● **Your task**
Set the listing down unchanged, minus every embedded image.

● **Source data**
*****
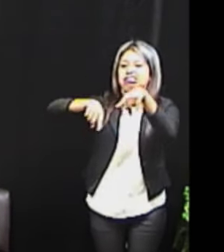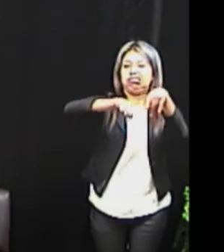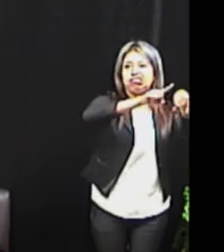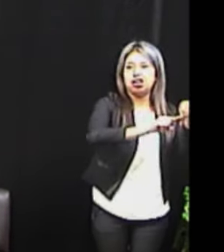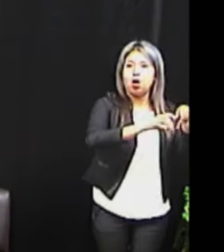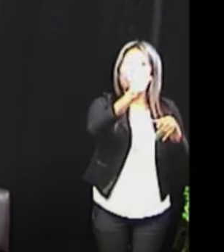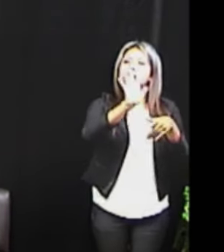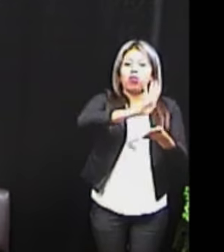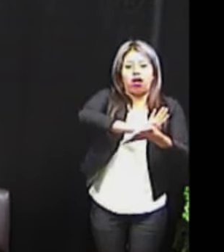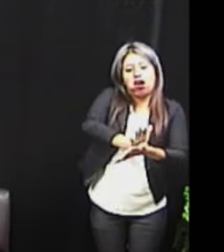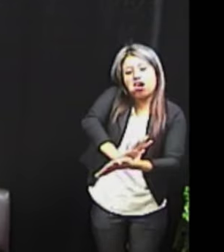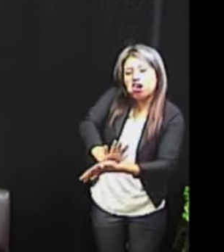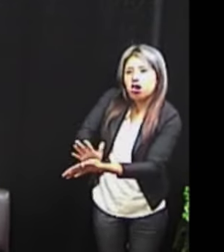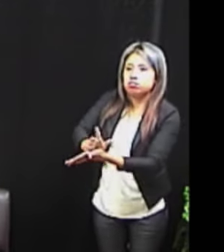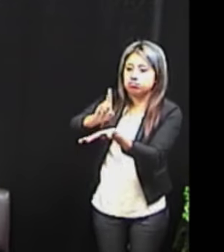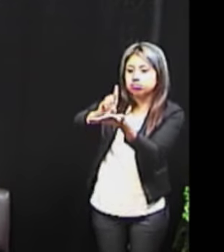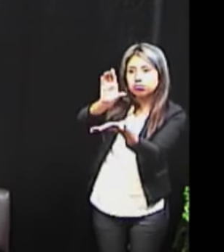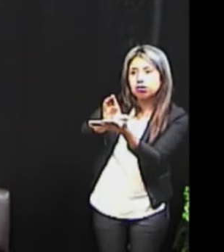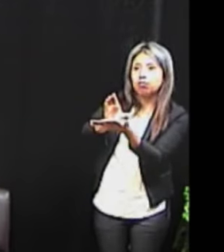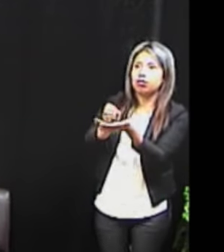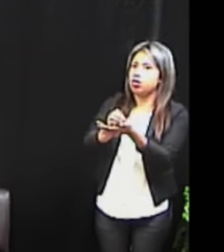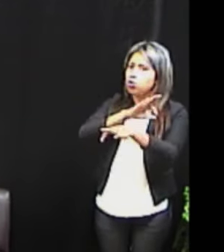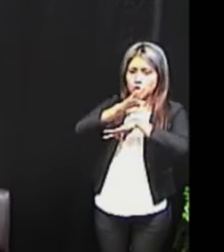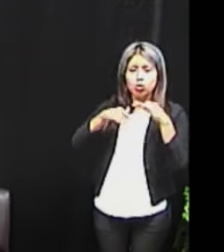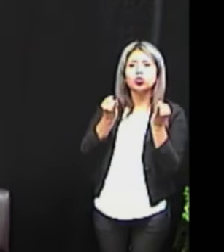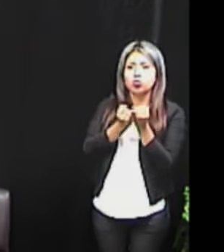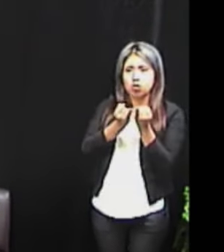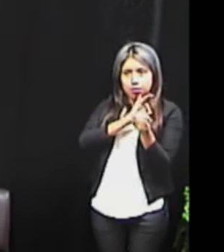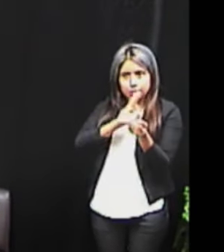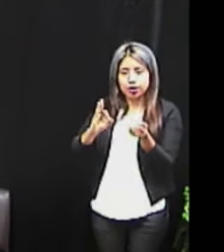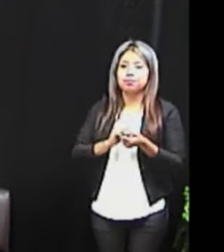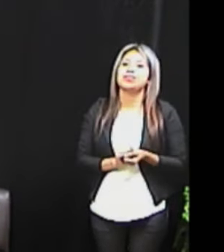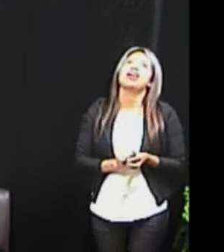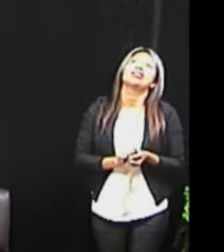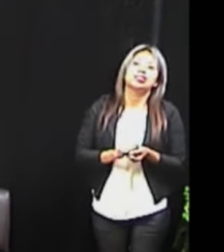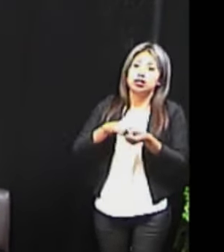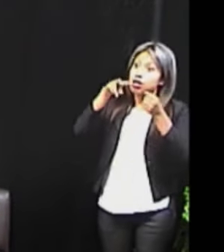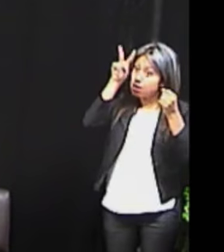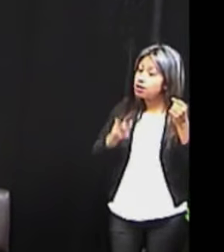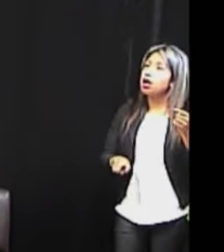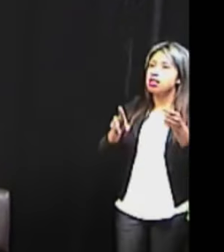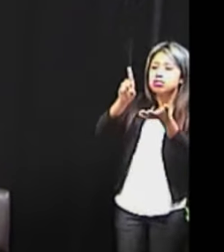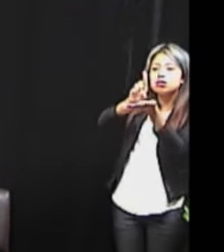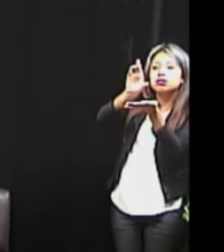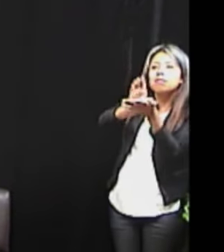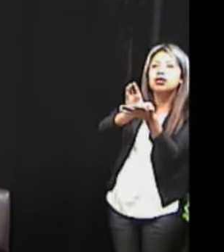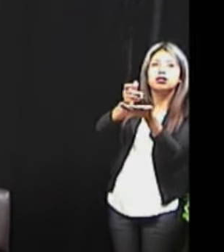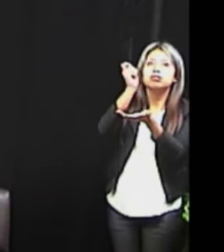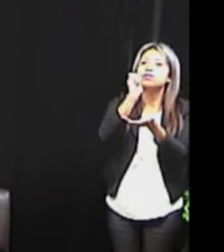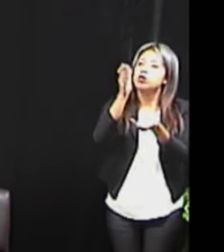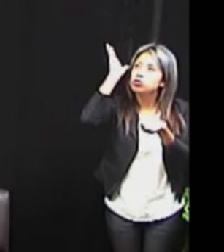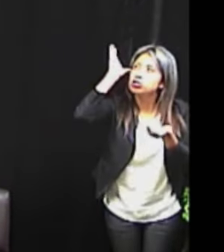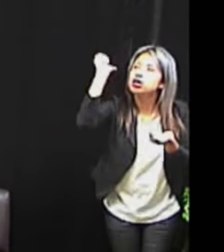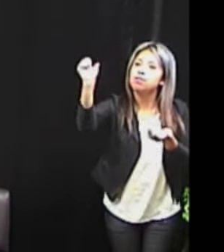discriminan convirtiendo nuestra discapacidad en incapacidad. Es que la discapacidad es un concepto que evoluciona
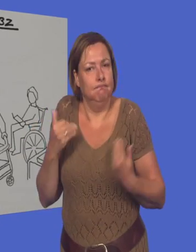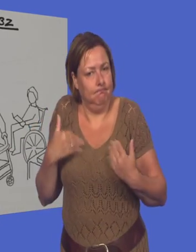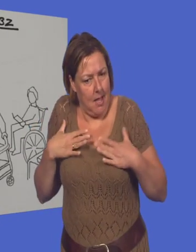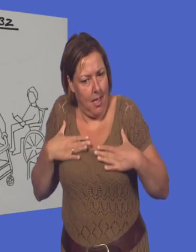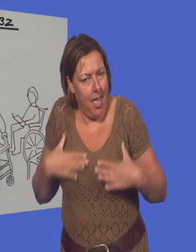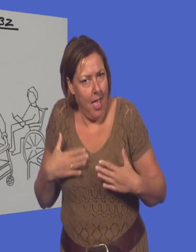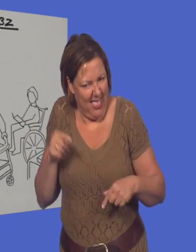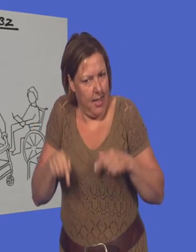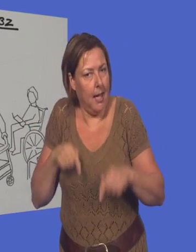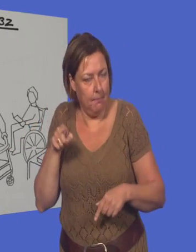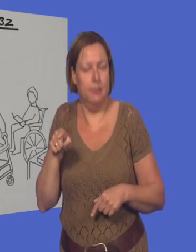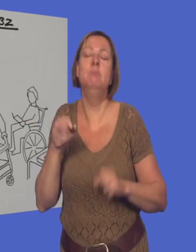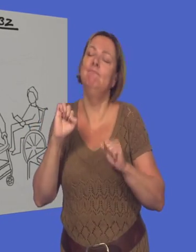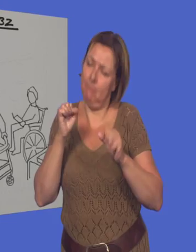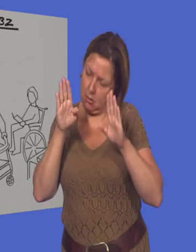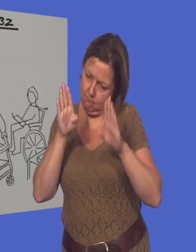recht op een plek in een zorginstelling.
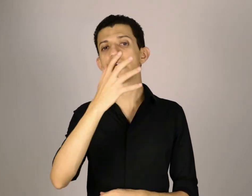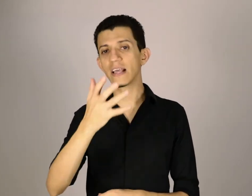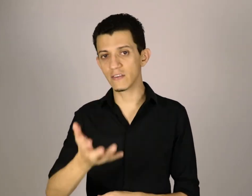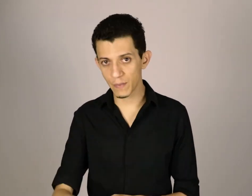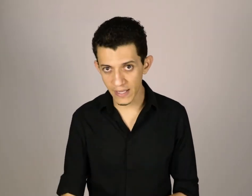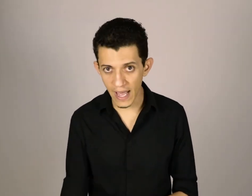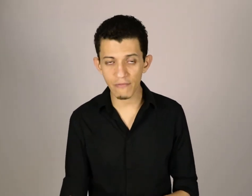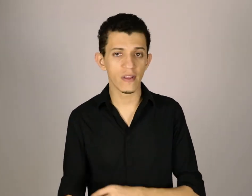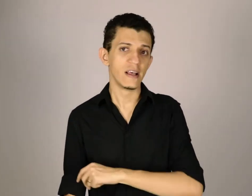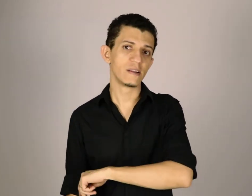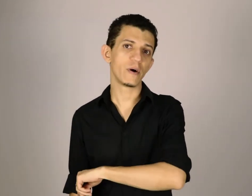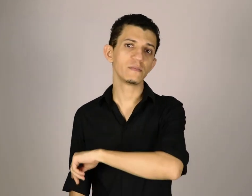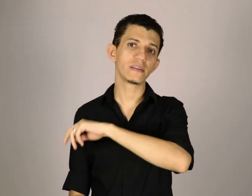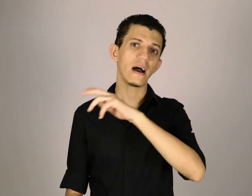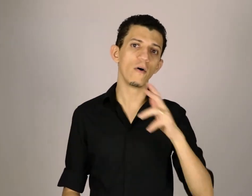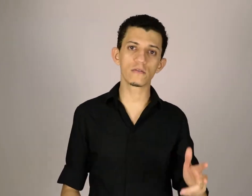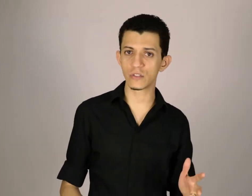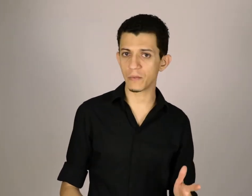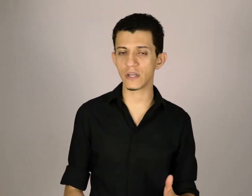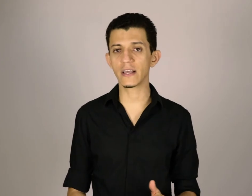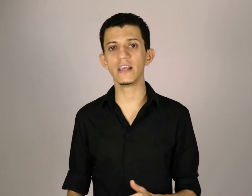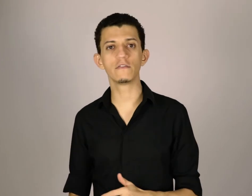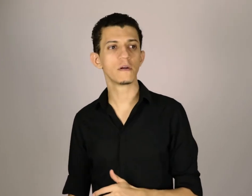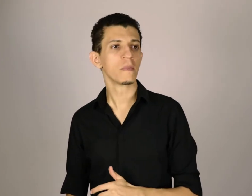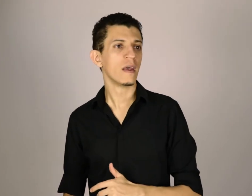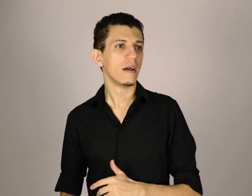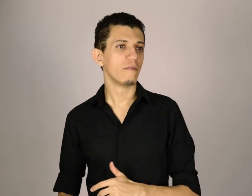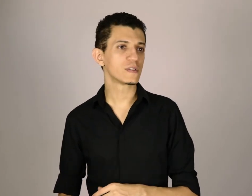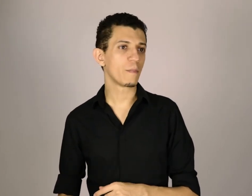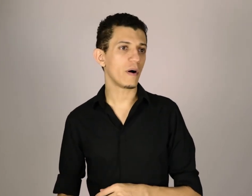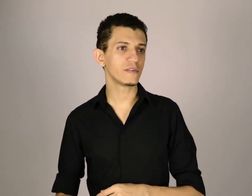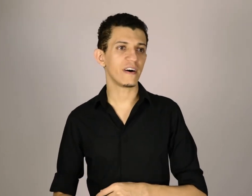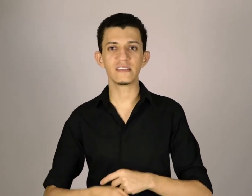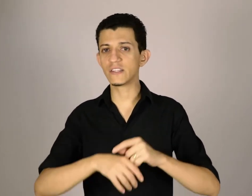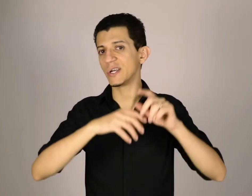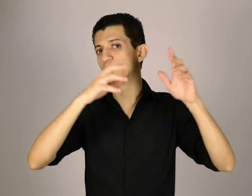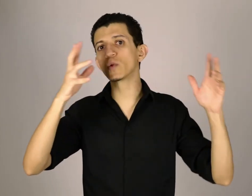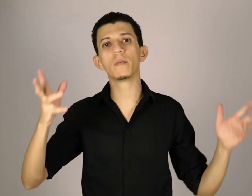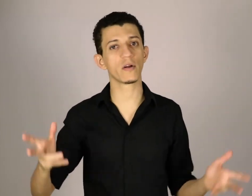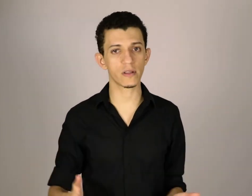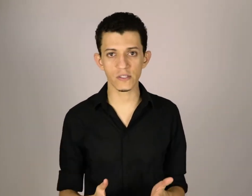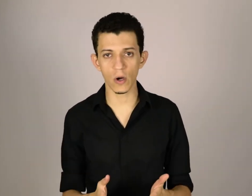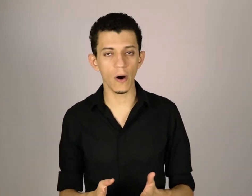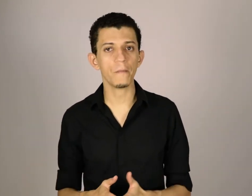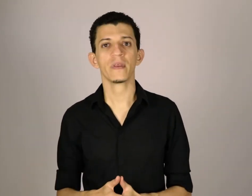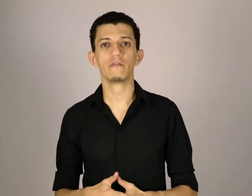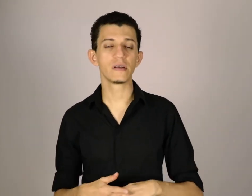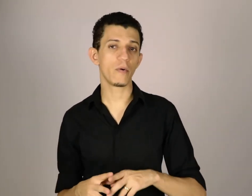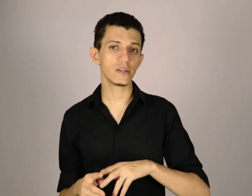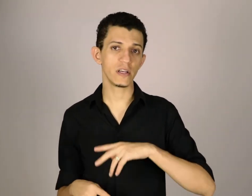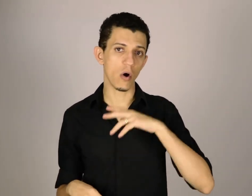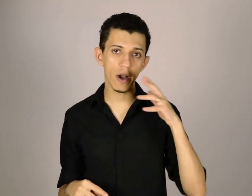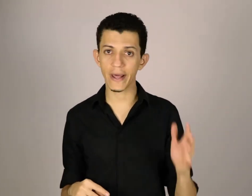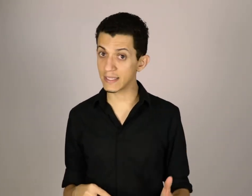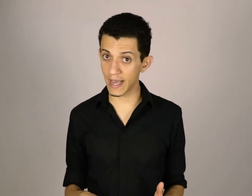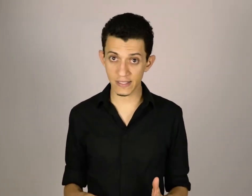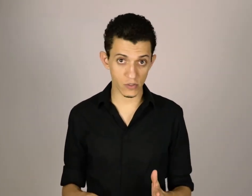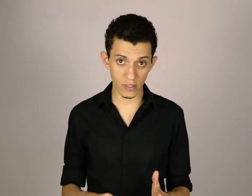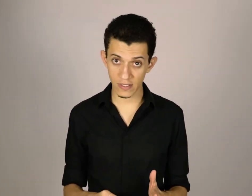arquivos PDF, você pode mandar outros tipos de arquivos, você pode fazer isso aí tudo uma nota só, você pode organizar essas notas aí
*****
● **Exercise solution**
discriminan convirtiendo nuestra discapacidad en incapacidad. Es que la discapacidad es un concepto que evoluciona
recht op een plek in een zorginstelling.
arquivos PDF, você pode mandar outros tipos de arquivos, você pode fazer isso aí tudo uma nota só, você pode organizar essas notas aí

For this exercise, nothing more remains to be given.